* **WHAT YOU ARE ASKED TO DO**: Would you output the following records verbatim and skip the images in them?

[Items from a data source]
* * * * * * * * *
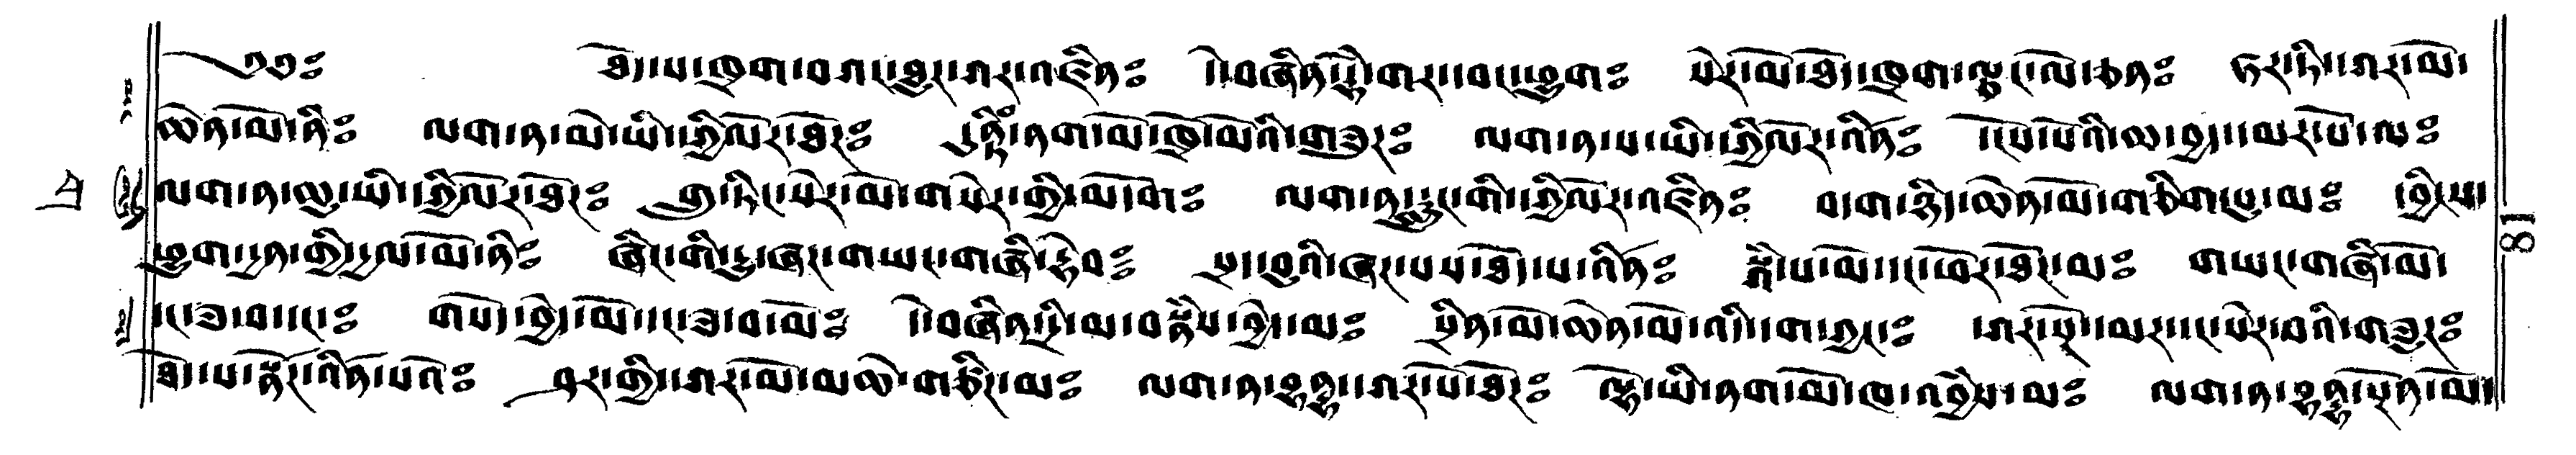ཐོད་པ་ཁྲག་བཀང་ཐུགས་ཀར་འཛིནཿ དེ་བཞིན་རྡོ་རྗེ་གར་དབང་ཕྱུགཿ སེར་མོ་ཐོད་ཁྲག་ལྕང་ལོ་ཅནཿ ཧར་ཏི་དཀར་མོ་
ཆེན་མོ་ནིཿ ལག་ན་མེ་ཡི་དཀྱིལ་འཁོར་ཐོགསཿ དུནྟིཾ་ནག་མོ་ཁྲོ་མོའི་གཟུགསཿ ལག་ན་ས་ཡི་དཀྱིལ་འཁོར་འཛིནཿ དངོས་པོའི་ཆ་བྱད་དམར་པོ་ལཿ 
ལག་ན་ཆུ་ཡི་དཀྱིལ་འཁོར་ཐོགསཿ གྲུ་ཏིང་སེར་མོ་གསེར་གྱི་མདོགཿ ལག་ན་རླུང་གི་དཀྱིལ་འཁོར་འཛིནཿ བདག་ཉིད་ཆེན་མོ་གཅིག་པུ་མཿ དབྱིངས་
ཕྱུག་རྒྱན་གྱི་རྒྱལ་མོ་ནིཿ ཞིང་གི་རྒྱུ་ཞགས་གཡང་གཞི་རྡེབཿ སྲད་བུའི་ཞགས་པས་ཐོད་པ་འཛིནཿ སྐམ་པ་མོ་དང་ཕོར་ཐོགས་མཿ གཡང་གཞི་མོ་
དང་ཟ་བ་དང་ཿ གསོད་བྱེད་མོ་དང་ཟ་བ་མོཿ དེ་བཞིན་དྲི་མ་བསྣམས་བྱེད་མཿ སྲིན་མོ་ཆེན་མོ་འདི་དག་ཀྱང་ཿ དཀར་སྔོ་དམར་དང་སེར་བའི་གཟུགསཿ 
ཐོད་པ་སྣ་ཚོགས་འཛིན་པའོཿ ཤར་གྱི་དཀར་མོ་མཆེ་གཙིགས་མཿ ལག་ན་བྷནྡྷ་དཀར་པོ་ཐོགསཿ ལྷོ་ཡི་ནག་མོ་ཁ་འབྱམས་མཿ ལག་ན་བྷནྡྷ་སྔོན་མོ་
* * * * * * * * *
* **RESPONSE AREA**:
ཐོད་པ་ཁྲག་བཀང་ཐུགས་ཀར་འཛིནཿ དེ་བཞིན་རྡོ་རྗེ་གར་དབང་ཕྱུགཿ སེར་མོ་ཐོད་ཁྲག་ལྕང་ལོ་ཅནཿ ཧར་ཏི་དཀར་མོ་
ཆེན་མོ་ནིཿ ལག་ན་མེ་ཡི་དཀྱིལ་འཁོར་ཐོགསཿ དུནྟིཾ་ནག་མོ་ཁྲོ་མོའི་གཟུགསཿ ལག་ན་ས་ཡི་དཀྱིལ་འཁོར་འཛིནཿ དངོས་པོའི་ཆ་བྱད་དམར་པོ་ལཿ 
ལག་ན་ཆུ་ཡི་དཀྱིལ་འཁོར་ཐོགསཿ གྲུ་ཏིང་སེར་མོ་གསེར་གྱི་མདོགཿ ལག་ན་རླུང་གི་དཀྱིལ་འཁོར་འཛིནཿ བདག་ཉིད་ཆེན་མོ་གཅིག་པུ་མཿ དབྱིངས་
ཕྱུག་རྒྱན་གྱི་རྒྱལ་མོ་ནིཿ ཞིང་གི་རྒྱུ་ཞགས་གཡང་གཞི་རྡེབཿ སྲད་བུའི་ཞགས་པས་ཐོད་པ་འཛིནཿ སྐམ་པ་མོ་དང་ཕོར་ཐོགས་མཿ གཡང་གཞི་མོ་
དང་ཟ་བ་དང་ཿ གསོད་བྱེད་མོ་དང་ཟ་བ་མོཿ དེ་བཞིན་དྲི་མ་བསྣམས་བྱེད་མཿ སྲིན་མོ་ཆེན་མོ་འདི་དག་ཀྱང་ཿ དཀར་སྔོ་དམར་དང་སེར་བའི་གཟུགསཿ 
ཐོད་པ་སྣ་ཚོགས་འཛིན་པའོཿ ཤར་གྱི་དཀར་མོ་མཆེ་གཙིགས་མཿ ལག་ན་བྷནྡྷ་དཀར་པོ་ཐོགསཿ ལྷོ་ཡི་ནག་མོ་ཁ་འབྱམས་མཿ ལག་ན་བྷནྡྷ་སྔོན་མོ་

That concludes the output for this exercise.